====== Listed records

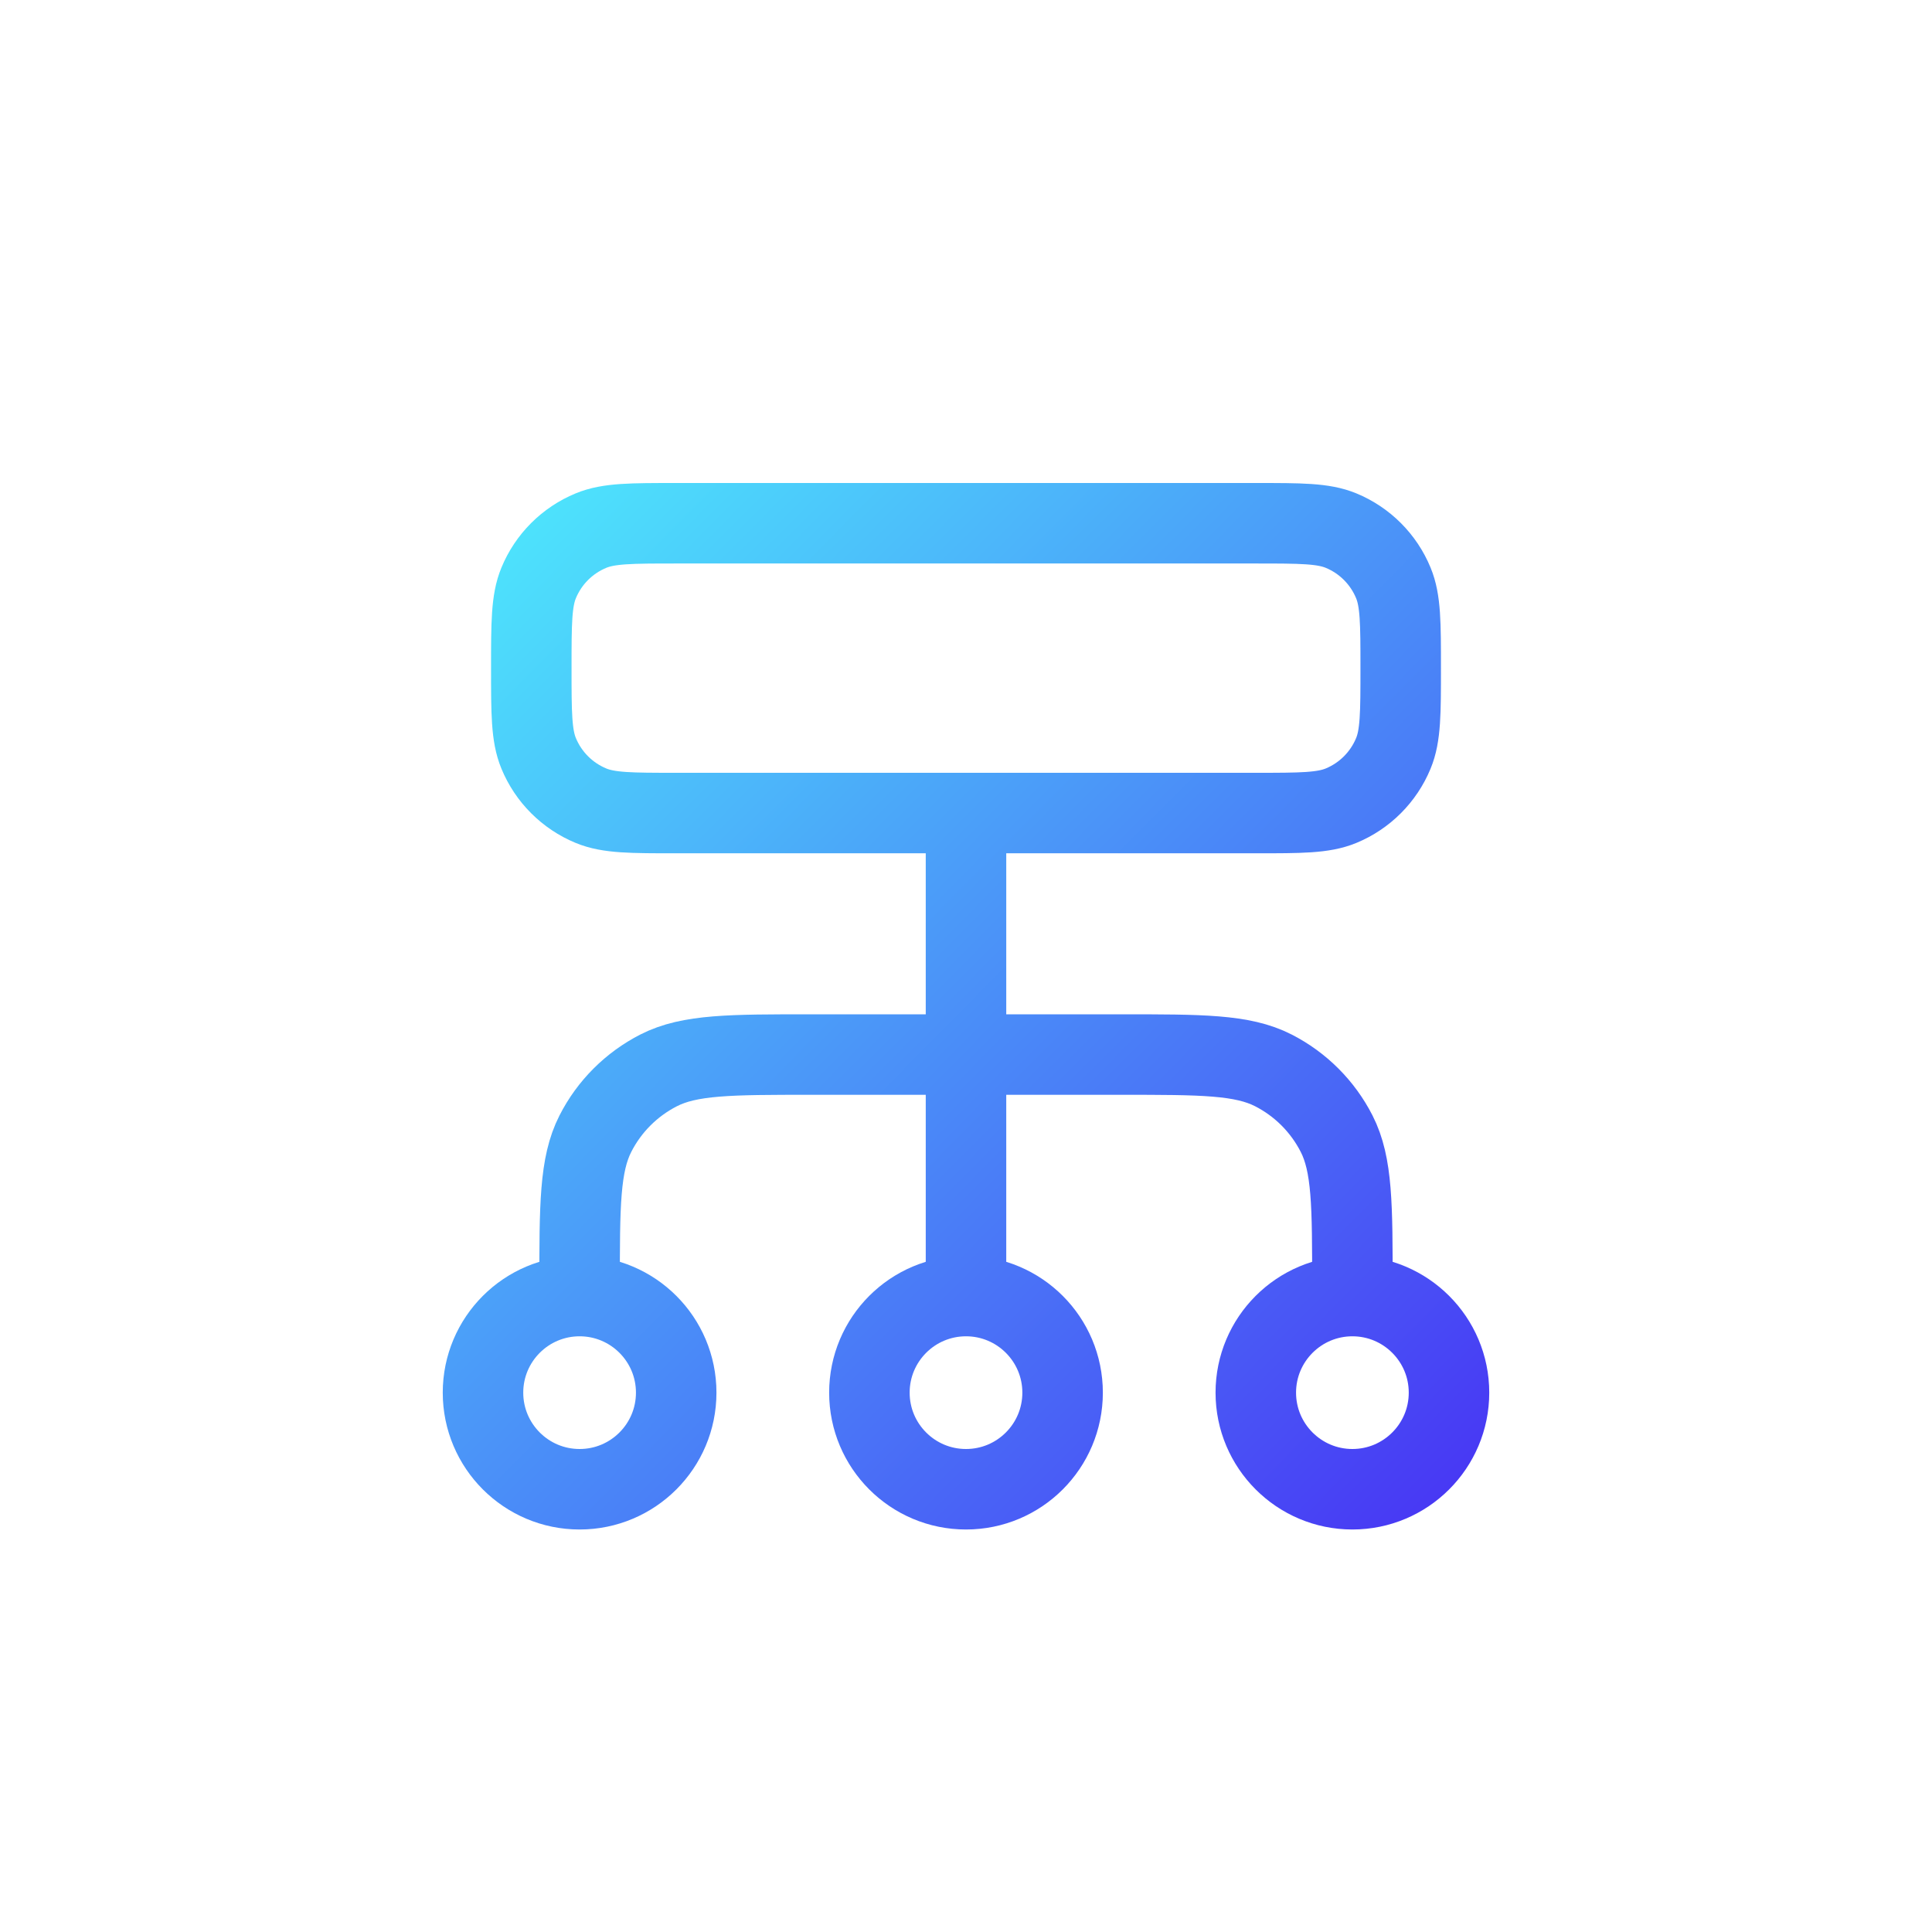 <svg width="48" height="48" viewBox="0 0 48 48" fill="none" xmlns="http://www.w3.org/2000/svg">
<path d="M14.4 32.2V31.96C14.4 29.944 14.4 28.936 14.792 28.166C15.137 27.488 15.688 26.938 16.366 26.592C17.136 26.2 18.144 26.2 20.16 26.2H27.84C29.856 26.2 30.864 26.2 31.634 26.592C32.312 26.938 32.862 27.488 33.208 28.166C33.6 28.936 33.6 29.944 33.6 31.96V32.2M14.4 32.2C13.075 32.2 12 33.275 12 34.6C12 35.925 13.075 37 14.4 37C15.726 37 16.8 35.925 16.8 34.6C16.8 33.275 15.726 32.2 14.4 32.2ZM33.6 32.2C32.275 32.2 31.2 33.275 31.2 34.6C31.2 35.925 32.275 37 33.6 37C34.925 37 36 35.925 36 34.6C36 33.275 34.925 32.2 33.6 32.2ZM24 32.2C22.674 32.2 21.6 33.275 21.6 34.6C21.6 35.925 22.674 37 24 37C25.326 37 26.4 35.925 26.4 34.6C26.4 33.275 25.326 32.2 24 32.2ZM24 32.2V20.2M16.8 20.2H31.2C32.318 20.2 32.877 20.2 33.319 20.017C33.907 19.774 34.374 19.306 34.617 18.718C34.8 18.277 34.8 17.718 34.8 16.6C34.8 15.482 34.8 14.923 34.617 14.482C34.374 13.893 33.907 13.426 33.319 13.183C32.877 13 32.318 13 31.2 13H16.8C15.682 13 15.123 13 14.682 13.183C14.094 13.426 13.626 13.893 13.383 14.482C13.2 14.923 13.2 15.482 13.2 16.6C13.2 17.718 13.2 18.277 13.383 18.718C13.626 19.306 14.094 19.774 14.682 20.017C15.123 20.2 15.682 20.2 16.8 20.2Z" stroke="url(#paint0_linear_7654_7926)" stroke-width="2" stroke-linecap="round" stroke-linejoin="round"/>
<defs>
<linearGradient id="paint0_linear_7654_7926" x1="12" y1="13.056" x2="36.072" y2="36.871" gradientUnits="userSpaceOnUse">
<stop stop-color="#4DE6FC"/>
<stop offset="1" stop-color="#4839F4"/>
</linearGradient>
</defs>
</svg>

============

About this exercise: Return all entries preceding this task exactly as they stand, leaving any picture out.

Response to this exercise:
 <svg width="48" height="48" viewBox="0 0 48 48" fill="none" xmlns="http://www.w3.org/2000/svg">
<path d="M14.4 32.2V31.96C14.4 29.944 14.4 28.936 14.792 28.166C15.137 27.488 15.688 26.938 16.366 26.592C17.136 26.2 18.144 26.2 20.16 26.2H27.84C29.856 26.2 30.864 26.2 31.634 26.592C32.312 26.938 32.862 27.488 33.208 28.166C33.6 28.936 33.6 29.944 33.6 31.96V32.2M14.4 32.2C13.075 32.2 12 33.275 12 34.6C12 35.925 13.075 37 14.4 37C15.726 37 16.8 35.925 16.8 34.6C16.8 33.275 15.726 32.2 14.4 32.2ZM33.6 32.2C32.275 32.2 31.2 33.275 31.2 34.6C31.2 35.925 32.275 37 33.6 37C34.925 37 36 35.925 36 34.6C36 33.275 34.925 32.2 33.6 32.2ZM24 32.2C22.674 32.2 21.6 33.275 21.6 34.6C21.6 35.925 22.674 37 24 37C25.326 37 26.4 35.925 26.4 34.6C26.4 33.275 25.326 32.2 24 32.2ZM24 32.2V20.2M16.8 20.2H31.2C32.318 20.2 32.877 20.2 33.319 20.017C33.907 19.774 34.374 19.306 34.617 18.718C34.8 18.277 34.8 17.718 34.8 16.6C34.8 15.482 34.8 14.923 34.617 14.482C34.374 13.893 33.907 13.426 33.319 13.183C32.877 13 32.318 13 31.2 13H16.8C15.682 13 15.123 13 14.682 13.183C14.094 13.426 13.626 13.893 13.383 14.482C13.2 14.923 13.2 15.482 13.2 16.6C13.2 17.718 13.2 18.277 13.383 18.718C13.626 19.306 14.094 19.774 14.682 20.017C15.123 20.2 15.682 20.2 16.8 20.2Z" stroke="url(#paint0_linear_7654_7926)" stroke-width="2" stroke-linecap="round" stroke-linejoin="round"/>
<defs>
<linearGradient id="paint0_linear_7654_7926" x1="12" y1="13.056" x2="36.072" y2="36.871" gradientUnits="userSpaceOnUse">
<stop stop-color="#4DE6FC"/>
<stop offset="1" stop-color="#4839F4"/>
</linearGradient>
</defs>
</svg>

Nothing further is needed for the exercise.